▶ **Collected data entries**
•••
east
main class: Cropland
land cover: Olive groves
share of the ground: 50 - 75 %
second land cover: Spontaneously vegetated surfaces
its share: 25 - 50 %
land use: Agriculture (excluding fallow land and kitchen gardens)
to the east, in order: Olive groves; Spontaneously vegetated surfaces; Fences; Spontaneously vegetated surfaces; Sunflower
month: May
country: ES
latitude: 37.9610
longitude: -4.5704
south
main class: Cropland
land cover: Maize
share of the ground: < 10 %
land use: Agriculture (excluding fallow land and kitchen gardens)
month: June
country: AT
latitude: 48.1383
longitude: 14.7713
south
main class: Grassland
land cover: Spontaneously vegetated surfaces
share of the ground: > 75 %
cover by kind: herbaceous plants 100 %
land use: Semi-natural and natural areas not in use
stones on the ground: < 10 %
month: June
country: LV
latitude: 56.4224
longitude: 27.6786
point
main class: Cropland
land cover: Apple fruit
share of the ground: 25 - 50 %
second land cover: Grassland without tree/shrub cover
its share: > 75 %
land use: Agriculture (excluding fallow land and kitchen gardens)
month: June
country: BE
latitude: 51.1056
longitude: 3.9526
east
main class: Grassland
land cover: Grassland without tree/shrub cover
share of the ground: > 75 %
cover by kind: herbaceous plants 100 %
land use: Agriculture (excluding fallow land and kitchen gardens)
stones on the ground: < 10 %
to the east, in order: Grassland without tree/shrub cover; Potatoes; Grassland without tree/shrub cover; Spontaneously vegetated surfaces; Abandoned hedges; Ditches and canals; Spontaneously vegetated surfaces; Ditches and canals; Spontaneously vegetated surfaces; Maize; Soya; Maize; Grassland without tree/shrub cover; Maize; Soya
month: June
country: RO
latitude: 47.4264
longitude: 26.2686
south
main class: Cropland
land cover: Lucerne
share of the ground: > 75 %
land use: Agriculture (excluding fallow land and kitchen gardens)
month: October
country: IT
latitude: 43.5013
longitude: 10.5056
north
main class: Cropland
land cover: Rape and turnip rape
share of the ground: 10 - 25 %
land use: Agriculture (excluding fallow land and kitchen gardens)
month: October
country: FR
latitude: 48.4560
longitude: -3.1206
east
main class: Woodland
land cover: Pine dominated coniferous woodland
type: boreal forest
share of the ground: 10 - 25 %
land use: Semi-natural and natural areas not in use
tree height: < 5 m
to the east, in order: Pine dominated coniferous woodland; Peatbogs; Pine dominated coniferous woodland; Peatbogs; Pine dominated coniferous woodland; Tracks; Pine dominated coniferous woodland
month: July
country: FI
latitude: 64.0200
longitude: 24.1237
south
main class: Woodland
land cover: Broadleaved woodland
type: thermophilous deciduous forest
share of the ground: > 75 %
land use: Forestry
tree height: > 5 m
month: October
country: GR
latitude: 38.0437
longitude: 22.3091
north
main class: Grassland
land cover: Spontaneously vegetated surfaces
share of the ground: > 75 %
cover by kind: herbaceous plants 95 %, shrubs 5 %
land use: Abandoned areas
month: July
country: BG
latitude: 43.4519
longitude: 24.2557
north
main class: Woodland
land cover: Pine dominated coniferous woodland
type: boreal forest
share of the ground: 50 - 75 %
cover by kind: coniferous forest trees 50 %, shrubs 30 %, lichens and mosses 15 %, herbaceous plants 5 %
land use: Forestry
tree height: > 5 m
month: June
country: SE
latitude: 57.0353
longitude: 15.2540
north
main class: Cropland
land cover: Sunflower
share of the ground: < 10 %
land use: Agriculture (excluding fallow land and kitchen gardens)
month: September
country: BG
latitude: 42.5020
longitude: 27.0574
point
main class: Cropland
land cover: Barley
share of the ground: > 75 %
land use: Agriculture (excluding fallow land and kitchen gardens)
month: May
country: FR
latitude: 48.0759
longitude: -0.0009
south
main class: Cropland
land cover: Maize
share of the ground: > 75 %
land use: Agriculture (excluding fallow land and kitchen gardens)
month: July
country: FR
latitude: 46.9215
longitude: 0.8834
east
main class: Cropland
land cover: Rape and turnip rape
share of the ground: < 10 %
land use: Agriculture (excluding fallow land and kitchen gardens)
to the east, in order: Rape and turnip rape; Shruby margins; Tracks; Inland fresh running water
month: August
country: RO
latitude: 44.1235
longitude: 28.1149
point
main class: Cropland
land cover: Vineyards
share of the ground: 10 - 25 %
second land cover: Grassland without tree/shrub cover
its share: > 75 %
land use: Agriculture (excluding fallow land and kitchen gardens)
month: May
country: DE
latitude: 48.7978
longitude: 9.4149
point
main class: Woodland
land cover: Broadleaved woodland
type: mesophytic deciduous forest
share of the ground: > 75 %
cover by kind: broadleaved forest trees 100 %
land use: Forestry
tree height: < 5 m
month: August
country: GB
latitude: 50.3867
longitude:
•••
▶ **Goal of the exercise**
Repeat the records above exactly as they appear.

▶ **Written solution**
east
main class: Cropland
land cover: Olive groves
share of the ground: 50 - 75 %
second land cover: Spontaneously vegetated surfaces
its share: 25 - 50 %
land use: Agriculture (excluding fallow land and kitchen gardens)
to the east, in order: Olive groves; Spontaneously vegetated surfaces; Fences; Spontaneously vegetated surfaces; Sunflower
month: May
country: ES
latitude: 37.9610
longitude: -4.5704
south
main class: Cropland
land cover: Maize
share of the ground: < 10 %
land use: Agriculture (excluding fallow land and kitchen gardens)
month: June
country: AT
latitude: 48.1383
longitude: 14.7713
south
main class: Grassland
land cover: Spontaneously vegetated surfaces
share of the ground: > 75 %
cover by kind: herbaceous plants 100 %
land use: Semi-natural and natural areas not in use
stones on the ground: < 10 %
month: June
country: LV
latitude: 56.4224
longitude: 27.6786
point
main class: Cropland
land cover: Apple fruit
share of the ground: 25 - 50 %
second land cover: Grassland without tree/shrub cover
its share: > 75 %
land use: Agriculture (excluding fallow land and kitchen gardens)
month: June
country: BE
latitude: 51.1056
longitude: 3.9526
east
main class: Grassland
land cover: Grassland without tree/shrub cover
share of the ground: > 75 %
cover by kind: herbaceous plants 100 %
land use: Agriculture (excluding fallow land and kitchen gardens)
stones on the ground: < 10 %
to the east, in order: Grassland without tree/shrub cover; Potatoes; Grassland without tree/shrub cover; Spontaneously vegetated surfaces; Abandoned hedges; Ditches and canals; Spontaneously vegetated surfaces; Ditches and canals; Spontaneously vegetated surfaces; Maize; Soya; Maize; Grassland without tree/shrub cover; Maize; Soya
month: June
country: RO
latitude: 47.4264
longitude: 26.2686
south
main class: Cropland
land cover: Lucerne
share of the ground: > 75 %
land use: Agriculture (excluding fallow land and kitchen gardens)
month: October
country: IT
latitude: 43.5013
longitude: 10.5056
north
main class: Cropland
land cover: Rape and turnip rape
share of the ground: 10 - 25 %
land use: Agriculture (excluding fallow land and kitchen gardens)
month: October
country: FR
latitude: 48.4560
longitude: -3.1206
east
main class: Woodland
land cover: Pine dominated coniferous woodland
type: boreal forest
share of the ground: 10 - 25 %
land use: Semi-natural and natural areas not in use
tree height: < 5 m
to the east, in order: Pine dominated coniferous woodland; Peatbogs; Pine dominated coniferous woodland; Peatbogs; Pine dominated coniferous woodland; Tracks; Pine dominated coniferous woodland
month: July
country: FI
latitude: 64.0200
longitude: 24.1237
south
main class: Woodland
land cover: Broadleaved woodland
type: thermophilous deciduous forest
share of the ground: > 75 %
land use: Forestry
tree height: > 5 m
month: October
country: GR
latitude: 38.0437
longitude: 22.3091
north
main class: Grassland
land cover: Spontaneously vegetated surfaces
share of the ground: > 75 %
cover by kind: herbaceous plants 95 %, shrubs 5 %
land use: Abandoned areas
month: July
country: BG
latitude: 43.4519
longitude: 24.2557
north
main class: Woodland
land cover: Pine dominated coniferous woodland
type: boreal forest
share of the ground: 50 - 75 %
cover by kind: coniferous forest trees 50 %, shrubs 30 %, lichens and mosses 15 %, herbaceous plants 5 %
land use: Forestry
tree height: > 5 m
month: June
country: SE
latitude: 57.0353
longitude: 15.2540
north
main class: Cropland
land cover: Sunflower
share of the ground: < 10 %
land use: Agriculture (excluding fallow land and kitchen gardens)
month: September
country: BG
latitude: 42.5020
longitude: 27.0574
point
main class: Cropland
land cover: Barley
share of the ground: > 75 %
land use: Agriculture (excluding fallow land and kitchen gardens)
month: May
country: FR
latitude: 48.0759
longitude: -0.0009
south
main class: Cropland
land cover: Maize
share of the ground: > 75 %
land use: Agriculture (excluding fallow land and kitchen gardens)
month: July
country: FR
latitude: 46.9215
longitude: 0.8834
east
main class: Cropland
land cover: Rape and turnip rape
share of the ground: < 10 %
land use: Agriculture (excluding fallow land and kitchen gardens)
to the east, in order: Rape and turnip rape; Shruby margins; Tracks; Inland fresh running water
month: August
country: RO
latitude: 44.1235
longitude: 28.1149
point
main class: Cropland
land cover: Vineyards
share of the ground: 10 - 25 %
second land cover: Grassland without tree/shrub cover
its share: > 75 %
land use: Agriculture (excluding fallow land and kitchen gardens)
month: May
country: DE
latitude: 48.7978
longitude: 9.4149
point
main class: Woodland
land cover: Broadleaved woodland
type: mesophytic deciduous forest
share of the ground: > 75 %
cover by kind: broadleaved forest trees 100 %
land use: Forestry
tree height: < 5 m
month: August
country: GB
latitude: 50.3867
longitude:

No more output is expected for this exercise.